A Path And Some Philosophy

Yesterday, I walked down a path in Rogue Elk Park adjoining the Rogue River.  Glad to leave the campground, I looked at the natural world surrounding me.  Yes, maybe fifty plus years ago I was walking down a path, but at that time it was with my Grandma Lillian.  And we weren’t walking in Rogue Elk Park, but in Casey State Park.  I remember her pointing out to me the different sizes and shapes of pine cones and the pine needles scattered along the path.  We picked up several objects of interest, and these became the basis for our hobby shows that we put on for several years at Eastin’s Rogue Haven.

My grandparents had begun coming to Southern Oregon for their summer vacations in 1929, and continued visiting regularly with the exception of the war years.  They stayed originally at Casey’s Auto Camp with no electricity.  And now, I represent another generation that visits Southern Oregon.  All these thoughts from a path along the Rogue River on a sunny afternoon on August 4.

About Robert M. Weiss
From an early age, I've taken great pleasure in reading.

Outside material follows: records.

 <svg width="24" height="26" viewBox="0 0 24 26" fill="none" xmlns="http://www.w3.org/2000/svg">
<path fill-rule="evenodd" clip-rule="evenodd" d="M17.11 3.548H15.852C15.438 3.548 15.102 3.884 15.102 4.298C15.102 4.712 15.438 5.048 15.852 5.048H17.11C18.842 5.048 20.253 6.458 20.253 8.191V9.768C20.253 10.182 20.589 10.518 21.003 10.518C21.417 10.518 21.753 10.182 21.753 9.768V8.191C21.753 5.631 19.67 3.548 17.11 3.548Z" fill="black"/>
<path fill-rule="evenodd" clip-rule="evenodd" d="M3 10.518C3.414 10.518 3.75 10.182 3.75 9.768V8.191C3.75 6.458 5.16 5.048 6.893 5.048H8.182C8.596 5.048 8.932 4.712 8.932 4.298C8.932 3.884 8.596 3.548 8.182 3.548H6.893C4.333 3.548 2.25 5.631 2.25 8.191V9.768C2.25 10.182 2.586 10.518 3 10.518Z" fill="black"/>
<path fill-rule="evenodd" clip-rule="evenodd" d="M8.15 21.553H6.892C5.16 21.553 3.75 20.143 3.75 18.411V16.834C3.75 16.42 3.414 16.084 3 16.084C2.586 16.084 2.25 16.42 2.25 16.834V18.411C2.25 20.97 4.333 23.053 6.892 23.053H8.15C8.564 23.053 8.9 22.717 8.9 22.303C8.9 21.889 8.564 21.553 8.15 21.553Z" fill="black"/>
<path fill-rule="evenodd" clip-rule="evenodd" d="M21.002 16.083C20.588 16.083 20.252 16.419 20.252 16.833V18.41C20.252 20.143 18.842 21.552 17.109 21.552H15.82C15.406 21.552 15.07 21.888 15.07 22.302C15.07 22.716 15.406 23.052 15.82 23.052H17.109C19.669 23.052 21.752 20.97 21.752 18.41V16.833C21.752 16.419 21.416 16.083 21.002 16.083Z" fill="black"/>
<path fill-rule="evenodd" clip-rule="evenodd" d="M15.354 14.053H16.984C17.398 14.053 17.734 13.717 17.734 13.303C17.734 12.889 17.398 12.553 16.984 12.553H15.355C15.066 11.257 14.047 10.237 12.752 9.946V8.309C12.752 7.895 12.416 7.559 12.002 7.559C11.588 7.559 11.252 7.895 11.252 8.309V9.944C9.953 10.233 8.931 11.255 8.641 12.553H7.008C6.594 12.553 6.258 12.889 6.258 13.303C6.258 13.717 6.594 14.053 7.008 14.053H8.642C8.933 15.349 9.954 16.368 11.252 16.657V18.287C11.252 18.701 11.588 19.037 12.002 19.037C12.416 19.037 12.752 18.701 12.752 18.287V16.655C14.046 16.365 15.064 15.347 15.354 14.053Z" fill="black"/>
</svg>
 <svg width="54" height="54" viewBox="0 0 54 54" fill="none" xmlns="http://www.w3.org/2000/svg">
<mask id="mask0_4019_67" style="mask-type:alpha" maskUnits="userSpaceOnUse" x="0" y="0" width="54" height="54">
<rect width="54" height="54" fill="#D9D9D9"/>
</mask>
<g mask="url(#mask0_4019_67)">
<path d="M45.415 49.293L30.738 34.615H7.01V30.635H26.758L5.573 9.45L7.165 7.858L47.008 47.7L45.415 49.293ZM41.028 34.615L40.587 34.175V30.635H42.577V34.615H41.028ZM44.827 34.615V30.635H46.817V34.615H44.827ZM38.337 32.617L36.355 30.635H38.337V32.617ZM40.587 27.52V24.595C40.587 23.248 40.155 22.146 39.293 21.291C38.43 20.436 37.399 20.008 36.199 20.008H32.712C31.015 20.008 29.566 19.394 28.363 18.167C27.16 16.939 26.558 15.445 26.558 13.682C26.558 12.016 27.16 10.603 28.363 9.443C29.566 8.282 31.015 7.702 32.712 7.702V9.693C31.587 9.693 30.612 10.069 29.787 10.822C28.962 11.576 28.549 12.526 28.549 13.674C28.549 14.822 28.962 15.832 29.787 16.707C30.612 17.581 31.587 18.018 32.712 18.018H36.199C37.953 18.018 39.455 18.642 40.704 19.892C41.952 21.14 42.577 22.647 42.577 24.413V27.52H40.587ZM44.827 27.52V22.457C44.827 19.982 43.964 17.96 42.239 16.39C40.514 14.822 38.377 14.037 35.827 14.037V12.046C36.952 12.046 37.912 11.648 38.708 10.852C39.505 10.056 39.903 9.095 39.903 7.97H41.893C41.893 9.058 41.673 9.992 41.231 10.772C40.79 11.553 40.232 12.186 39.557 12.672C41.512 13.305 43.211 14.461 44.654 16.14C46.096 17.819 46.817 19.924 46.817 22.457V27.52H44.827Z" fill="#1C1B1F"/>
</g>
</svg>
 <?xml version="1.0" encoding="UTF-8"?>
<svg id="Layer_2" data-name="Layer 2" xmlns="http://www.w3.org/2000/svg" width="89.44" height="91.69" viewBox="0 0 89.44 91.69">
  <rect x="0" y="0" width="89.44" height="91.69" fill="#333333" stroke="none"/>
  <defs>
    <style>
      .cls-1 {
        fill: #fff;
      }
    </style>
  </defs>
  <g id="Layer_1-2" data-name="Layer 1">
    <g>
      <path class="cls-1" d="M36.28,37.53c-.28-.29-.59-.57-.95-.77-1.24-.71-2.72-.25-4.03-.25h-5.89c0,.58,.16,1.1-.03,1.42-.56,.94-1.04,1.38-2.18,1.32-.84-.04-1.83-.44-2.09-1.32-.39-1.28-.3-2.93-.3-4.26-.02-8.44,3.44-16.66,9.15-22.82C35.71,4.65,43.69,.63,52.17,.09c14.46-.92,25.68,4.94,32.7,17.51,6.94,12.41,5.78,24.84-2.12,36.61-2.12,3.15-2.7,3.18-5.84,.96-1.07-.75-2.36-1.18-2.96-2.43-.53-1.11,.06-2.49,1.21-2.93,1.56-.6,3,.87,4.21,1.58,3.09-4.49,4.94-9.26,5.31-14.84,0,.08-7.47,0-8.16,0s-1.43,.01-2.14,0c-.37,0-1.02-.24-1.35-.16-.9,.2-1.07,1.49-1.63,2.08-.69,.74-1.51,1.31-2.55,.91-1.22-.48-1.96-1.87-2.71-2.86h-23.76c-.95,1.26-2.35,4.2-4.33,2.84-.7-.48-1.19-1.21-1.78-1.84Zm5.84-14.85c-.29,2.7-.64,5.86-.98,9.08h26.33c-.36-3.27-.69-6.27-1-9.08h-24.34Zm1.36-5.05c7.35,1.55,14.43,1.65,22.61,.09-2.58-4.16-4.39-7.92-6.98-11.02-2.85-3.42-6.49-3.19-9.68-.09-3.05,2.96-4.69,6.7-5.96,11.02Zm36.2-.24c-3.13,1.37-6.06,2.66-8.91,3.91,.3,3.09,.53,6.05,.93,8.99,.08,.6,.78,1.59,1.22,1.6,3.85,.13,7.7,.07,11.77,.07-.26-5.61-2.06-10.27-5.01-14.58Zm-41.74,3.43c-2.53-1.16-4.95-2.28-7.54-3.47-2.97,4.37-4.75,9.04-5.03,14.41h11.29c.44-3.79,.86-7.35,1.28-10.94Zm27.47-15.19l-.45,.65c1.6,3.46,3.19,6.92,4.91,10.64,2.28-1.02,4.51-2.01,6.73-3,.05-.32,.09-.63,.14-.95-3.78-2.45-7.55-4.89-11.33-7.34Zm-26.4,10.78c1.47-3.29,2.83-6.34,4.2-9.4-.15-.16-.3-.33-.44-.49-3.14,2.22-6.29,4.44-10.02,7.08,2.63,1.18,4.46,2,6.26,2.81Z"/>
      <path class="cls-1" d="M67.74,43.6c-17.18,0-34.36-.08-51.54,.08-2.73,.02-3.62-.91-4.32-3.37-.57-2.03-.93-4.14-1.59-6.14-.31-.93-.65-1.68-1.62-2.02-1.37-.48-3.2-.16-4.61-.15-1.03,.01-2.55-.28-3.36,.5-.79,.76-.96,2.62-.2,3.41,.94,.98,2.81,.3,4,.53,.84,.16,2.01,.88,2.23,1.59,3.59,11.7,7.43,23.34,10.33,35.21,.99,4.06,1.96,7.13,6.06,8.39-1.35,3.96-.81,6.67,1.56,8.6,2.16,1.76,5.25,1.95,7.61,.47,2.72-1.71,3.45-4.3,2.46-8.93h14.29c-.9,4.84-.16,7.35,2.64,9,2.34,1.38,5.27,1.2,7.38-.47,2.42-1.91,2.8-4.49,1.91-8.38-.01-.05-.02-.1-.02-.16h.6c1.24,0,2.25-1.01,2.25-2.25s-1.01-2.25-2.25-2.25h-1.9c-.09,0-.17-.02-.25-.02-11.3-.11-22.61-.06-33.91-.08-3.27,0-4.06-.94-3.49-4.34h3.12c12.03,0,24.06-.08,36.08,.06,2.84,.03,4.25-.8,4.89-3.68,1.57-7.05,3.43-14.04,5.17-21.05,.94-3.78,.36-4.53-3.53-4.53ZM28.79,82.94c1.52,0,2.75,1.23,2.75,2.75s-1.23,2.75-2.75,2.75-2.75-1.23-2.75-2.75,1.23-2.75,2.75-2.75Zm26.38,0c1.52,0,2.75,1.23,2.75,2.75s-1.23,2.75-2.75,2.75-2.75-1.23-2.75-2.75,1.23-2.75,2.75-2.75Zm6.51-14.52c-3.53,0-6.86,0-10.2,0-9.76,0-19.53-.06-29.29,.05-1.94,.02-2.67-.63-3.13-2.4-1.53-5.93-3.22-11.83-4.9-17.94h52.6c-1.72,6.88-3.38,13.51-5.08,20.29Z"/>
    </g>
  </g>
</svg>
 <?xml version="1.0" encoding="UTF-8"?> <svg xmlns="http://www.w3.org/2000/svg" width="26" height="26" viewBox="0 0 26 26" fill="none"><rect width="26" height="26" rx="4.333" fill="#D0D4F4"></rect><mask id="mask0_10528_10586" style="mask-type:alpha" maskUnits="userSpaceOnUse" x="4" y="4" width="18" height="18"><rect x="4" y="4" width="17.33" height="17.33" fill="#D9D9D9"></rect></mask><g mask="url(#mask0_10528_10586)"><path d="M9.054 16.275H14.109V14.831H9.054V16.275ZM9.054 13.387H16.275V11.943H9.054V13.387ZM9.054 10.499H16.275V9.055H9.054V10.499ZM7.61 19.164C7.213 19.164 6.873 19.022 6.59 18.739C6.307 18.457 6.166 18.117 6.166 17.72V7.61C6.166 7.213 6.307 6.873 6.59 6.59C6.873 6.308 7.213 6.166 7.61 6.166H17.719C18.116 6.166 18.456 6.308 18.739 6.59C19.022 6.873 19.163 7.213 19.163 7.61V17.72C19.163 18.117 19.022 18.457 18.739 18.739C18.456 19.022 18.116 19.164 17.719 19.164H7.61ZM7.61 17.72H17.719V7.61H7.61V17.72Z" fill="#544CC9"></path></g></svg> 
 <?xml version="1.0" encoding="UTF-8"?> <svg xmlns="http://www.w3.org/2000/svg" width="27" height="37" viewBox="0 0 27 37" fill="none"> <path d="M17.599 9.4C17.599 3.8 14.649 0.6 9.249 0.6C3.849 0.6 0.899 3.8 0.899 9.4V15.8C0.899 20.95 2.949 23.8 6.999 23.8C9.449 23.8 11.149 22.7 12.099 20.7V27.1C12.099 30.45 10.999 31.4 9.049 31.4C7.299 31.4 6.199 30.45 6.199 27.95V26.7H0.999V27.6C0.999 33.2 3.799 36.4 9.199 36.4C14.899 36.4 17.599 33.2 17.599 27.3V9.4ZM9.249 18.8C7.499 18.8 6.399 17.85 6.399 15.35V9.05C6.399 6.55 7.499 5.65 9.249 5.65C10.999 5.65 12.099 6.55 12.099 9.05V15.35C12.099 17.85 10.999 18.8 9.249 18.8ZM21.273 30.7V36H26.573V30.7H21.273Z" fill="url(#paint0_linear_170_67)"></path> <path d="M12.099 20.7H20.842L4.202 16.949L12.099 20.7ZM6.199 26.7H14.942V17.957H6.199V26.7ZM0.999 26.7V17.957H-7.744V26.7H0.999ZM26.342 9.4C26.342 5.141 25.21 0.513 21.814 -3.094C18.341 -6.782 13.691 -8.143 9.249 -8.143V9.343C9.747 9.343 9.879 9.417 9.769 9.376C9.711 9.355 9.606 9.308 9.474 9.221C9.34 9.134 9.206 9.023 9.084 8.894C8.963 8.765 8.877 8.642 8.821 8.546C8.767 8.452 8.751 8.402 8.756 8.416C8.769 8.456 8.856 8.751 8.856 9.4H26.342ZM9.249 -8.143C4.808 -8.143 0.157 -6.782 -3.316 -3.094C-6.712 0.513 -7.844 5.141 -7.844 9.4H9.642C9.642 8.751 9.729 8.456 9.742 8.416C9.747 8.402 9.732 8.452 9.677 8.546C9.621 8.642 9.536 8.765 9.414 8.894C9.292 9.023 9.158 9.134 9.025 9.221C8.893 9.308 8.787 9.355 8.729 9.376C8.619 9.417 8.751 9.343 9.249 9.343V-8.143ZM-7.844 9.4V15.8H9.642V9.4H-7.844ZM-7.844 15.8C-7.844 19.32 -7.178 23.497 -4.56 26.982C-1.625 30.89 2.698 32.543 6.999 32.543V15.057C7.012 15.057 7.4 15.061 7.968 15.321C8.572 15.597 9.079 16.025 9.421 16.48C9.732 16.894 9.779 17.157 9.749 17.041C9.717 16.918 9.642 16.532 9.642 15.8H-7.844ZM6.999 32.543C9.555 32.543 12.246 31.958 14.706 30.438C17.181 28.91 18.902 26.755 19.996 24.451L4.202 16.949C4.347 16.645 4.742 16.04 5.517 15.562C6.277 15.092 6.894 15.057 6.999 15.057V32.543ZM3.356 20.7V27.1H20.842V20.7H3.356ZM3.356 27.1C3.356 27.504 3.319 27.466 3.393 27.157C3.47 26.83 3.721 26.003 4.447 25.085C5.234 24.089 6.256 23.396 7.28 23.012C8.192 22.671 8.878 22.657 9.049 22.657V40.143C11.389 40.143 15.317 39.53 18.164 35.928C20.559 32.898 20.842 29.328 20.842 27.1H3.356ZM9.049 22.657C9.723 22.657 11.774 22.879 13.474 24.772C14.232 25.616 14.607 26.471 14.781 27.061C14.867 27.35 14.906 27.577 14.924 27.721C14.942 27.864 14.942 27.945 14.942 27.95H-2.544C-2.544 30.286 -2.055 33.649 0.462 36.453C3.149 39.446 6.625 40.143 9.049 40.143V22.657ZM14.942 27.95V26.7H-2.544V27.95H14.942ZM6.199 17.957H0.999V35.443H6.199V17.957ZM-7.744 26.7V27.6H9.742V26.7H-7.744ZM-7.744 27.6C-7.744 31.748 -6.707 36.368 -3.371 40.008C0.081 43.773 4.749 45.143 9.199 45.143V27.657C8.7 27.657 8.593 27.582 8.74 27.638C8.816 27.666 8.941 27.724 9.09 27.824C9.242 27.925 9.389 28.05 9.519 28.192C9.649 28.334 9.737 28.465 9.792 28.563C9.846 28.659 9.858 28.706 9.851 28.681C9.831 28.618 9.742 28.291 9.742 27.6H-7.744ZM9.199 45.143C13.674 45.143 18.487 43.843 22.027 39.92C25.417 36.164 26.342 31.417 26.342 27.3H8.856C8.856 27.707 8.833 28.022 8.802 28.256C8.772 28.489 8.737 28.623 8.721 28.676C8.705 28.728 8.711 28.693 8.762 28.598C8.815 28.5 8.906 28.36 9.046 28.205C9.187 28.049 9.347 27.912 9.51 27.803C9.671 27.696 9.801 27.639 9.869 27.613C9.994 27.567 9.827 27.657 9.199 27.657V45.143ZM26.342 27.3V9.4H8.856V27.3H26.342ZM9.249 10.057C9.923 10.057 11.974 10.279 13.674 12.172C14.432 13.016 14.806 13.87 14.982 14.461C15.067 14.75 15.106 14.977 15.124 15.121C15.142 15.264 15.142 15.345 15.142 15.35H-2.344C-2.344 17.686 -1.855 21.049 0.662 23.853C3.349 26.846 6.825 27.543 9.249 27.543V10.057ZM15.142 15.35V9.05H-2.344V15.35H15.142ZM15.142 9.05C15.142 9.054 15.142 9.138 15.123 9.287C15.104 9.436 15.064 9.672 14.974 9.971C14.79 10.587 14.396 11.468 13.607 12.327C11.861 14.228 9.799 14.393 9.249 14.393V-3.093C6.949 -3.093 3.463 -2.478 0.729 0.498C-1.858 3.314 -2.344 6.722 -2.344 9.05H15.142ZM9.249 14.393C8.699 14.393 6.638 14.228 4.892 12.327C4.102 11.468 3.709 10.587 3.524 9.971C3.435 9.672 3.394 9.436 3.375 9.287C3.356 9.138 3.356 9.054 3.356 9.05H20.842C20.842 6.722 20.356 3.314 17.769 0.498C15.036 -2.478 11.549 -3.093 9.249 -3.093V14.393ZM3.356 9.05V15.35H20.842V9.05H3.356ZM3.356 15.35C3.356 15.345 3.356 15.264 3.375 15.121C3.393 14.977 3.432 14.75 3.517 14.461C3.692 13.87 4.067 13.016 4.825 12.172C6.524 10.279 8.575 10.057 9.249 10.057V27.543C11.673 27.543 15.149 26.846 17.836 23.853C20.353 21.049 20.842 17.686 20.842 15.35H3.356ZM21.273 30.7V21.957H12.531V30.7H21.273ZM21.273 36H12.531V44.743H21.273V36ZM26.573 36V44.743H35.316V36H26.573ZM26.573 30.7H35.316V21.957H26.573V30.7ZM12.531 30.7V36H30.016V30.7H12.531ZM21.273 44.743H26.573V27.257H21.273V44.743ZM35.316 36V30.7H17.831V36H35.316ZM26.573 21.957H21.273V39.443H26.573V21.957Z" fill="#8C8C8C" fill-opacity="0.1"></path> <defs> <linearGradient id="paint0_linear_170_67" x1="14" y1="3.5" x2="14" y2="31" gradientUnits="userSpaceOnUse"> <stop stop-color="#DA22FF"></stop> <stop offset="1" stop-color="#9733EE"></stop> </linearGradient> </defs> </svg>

Also, I learned to play my 78 player when I was quite young, and enjoyed listening to musicals and classical music. I remember sitting on the floor, and following the text and pictures of record readers, which were popular in the 1940s and 50s. My favorites were the Bozo and Disney albums. I also enjoyed watching the slow spinning of 16s as they spun out tales of adventure. I have always been attracted by rivers, and I love to sit on a boulder with my feet in the water, gazing into the mysteries of swirling currents. I especially like inner tubing on the Rogue River in Southern Oregon. Since my early youth, I've been interested in collecting minerals, which have taught me about the wonderful possibilities in colors and forms. Sometimes I try to imagine what the ancient Greeks must have felt when they began to discover physical laws in nature. I also remember that I had a special passion for numbers, and used to construct them out of stones. After teaching Russian for several years, I became a writer, interviewer, editor, and translator. I continue to delight in form, and am a problem solver at heart.

5 Responses to A Path And Some Philosophy

  1. Sarah says:

    Good evening. My grandfather was the owner of Eastin’s Rogue Haven and I’m always on the look out for memories or trinkets from the resort. Most everything was washed away in two floods ’58 and ’64. Anything you can share would be much appreciated. Thanks and have a blessed day!

    • Robert Weiss says:

      Thanks for your interest, Sarah. I knew Rick when my family stayed at Eastin’s Rogue Haven in August from 1953-1960 in cabin 7. I still have some post cards of the Haven, and my grandmother purchased the cash register, which sits on the mantle of our dining room. My parents and I have photos and family movies of Eastin’s during the time of our stay. I have fond memories of the jukebox, which I loved to play as a child. Billy used to babysit me, and tell me stories about Chip and Dale. Susie also took care of me, and got me on a horse. I remember celebrating Billy’s birthday, and having hobby shows. Eastin’s was a very special part of my childhood.

  2. Steve Childers says:

    I have an old picture of Jerry the Bear at Caseys Auto Camp in Southern Oregon, if anyone would like a copy.

    • Jacqueline Gooch says:

      I would very much like a copy. I’m Jacqueline Casey Gooch. My great grandparents owned the Auto Camp. A few years back my grandfather was contacted for photos for a book to be published. He then passed away, his photos were never returned. I grew up listening to stories about Jerry drinking chocolate soda and how skilled my great grandmother was in creating art pieces from the fish caught on the Rogue. I would appreciate any artifacts you know of. Thank you,
      Jackie

      • History lives on. We own a fish carving in our den that was made by Ethel Casey. FYI: Did you know that Jim Casey set up a cable car that kids could ride across the property in? The cable was attached to two trees.